A Guardian Technology campaign for free public access to data about the UK and its citizens


Will the government try to privatise the UK Hydrographic Office?

In this week’s Technology Guardian, we look at the options being examined – and one important option not being examined – for the future of the UK Hydrographic Office.

In UK Hydrographic Office runs into dangerous waters, Mike Cross notes that two options – making UKHO a private company fully-owned by the Ministry of Defence (which is a first step to privatisation) and remaining as a trading fund – are being considered.

Worryingly, the review announcement lists only two “principal options” for the office: to maintain it as a trading fund, or to convert it into a company owned in whole or in part by the Ministry of Defence. As the review coincides with a squeeze in spending, ministers may be tempted by any injection of cash that could be raised by a share sale.

For free data, this could be an even worse outcome than the present state of affairs. The perils of creating a jointly owned company were illustrated last week by the Department of Health, which found itself criticised by auditors over the way it set up a joint venture with a commercial business, Dr Foster.

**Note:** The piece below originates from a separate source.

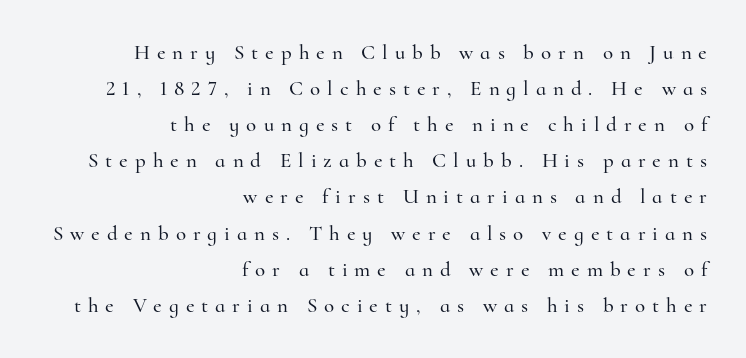
The image shows 21 px text type, upright; set right-aligned, line spacing 1.72x, unusually wide letter spacing (+0.33 em), not underlined.
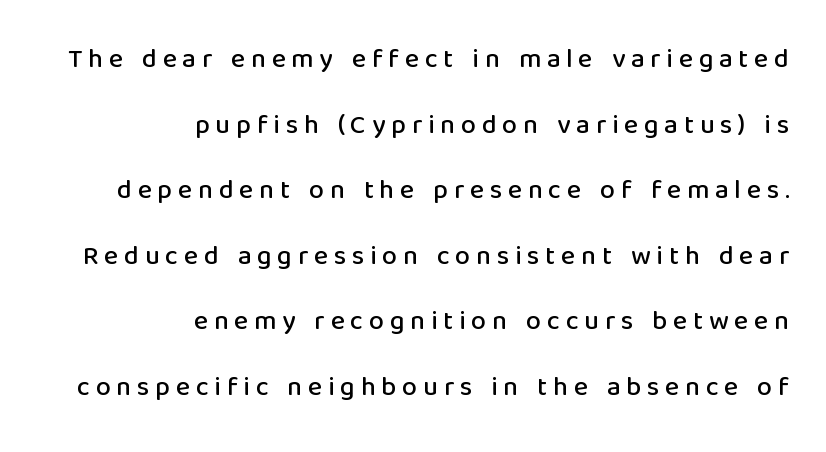
{"italic": "no", "underline": "no", "align": "right", "line_spacing": "loose", "line_spacing_ratio": 2.43, "letter_spacing": "wide", "letter_spacing_em": 0.21, "glyph_px": 27}

Kablenet reports on the NAO’s kicking of NHS:

The report notes that government is increasing its use of joint ventures, but concludes that, in the absence of a fair competitive tender process, the Information Centre had no fair comparisons or benchmarks to demonstrate this was the best structure to meet its needs, or that it represented good value for money.

Back to the UKHO: the FOD campaign believes

that the Hydrographic Office review should include at least one further option: that of direct government funding for the collection of raw hydrographic data, which should be freely available to all comers. At a time when information about coastlines and seabeds is of vital environmental importance, this would be in keeping with the spirit of the European Inspire directive on the exchange of geophysical information. It would also maintain a British tradition of international cooperation, regardless of politics, in matters of maritime safety.

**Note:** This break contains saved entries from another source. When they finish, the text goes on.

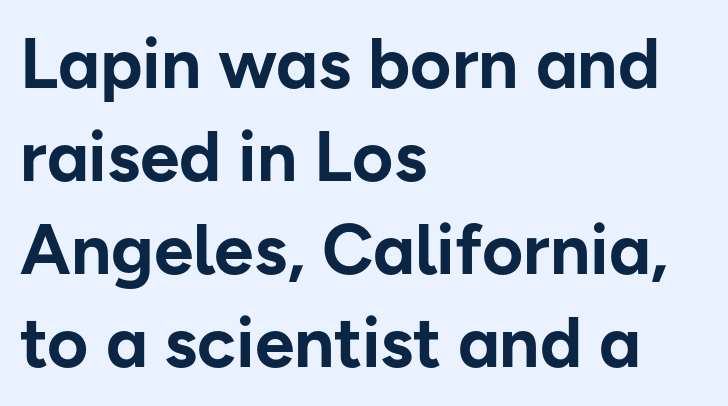
Q: Is the text bold? A: Yes.
Q: Is the text italic (slanted)? A: No, it is upright.
Q: Is the typeface a serif or a sans-serif typeface? A: Sans-serif.
Q: Is the text underlined? A: No.
Q: How is the paragraph aligned? A: Left-aligned.
Q: Is the spacing between letters normal or unusually wide? A: Normal.
Q: Is the spacing between lines tight, normal or loose? A: Normal.
Q: Width (condensed, normal, or wide)? A: Normal.
Q: Stroke contrast? A: Low.
Q: x-height? A: Medium.
Q: Monospaced? A: No.

But there’s always a kicker. And in the case of an MoD-owned or operated organisation, it’s this:

One objection, of course, is that this policy would force the Ministry of Defence to choose between funding hydrographic surveys and giving soldiers on the front line decent body armour. It would be a courageous minister who favoured the former.

One could argue, of course, about the wisdom of needing to make the choice; on whether better intelligence can be gathered by more free access; and so on. But politics is the art of the possible. The government review is a worrying development, because it implies that everything must have a price – no matter what the economics might show.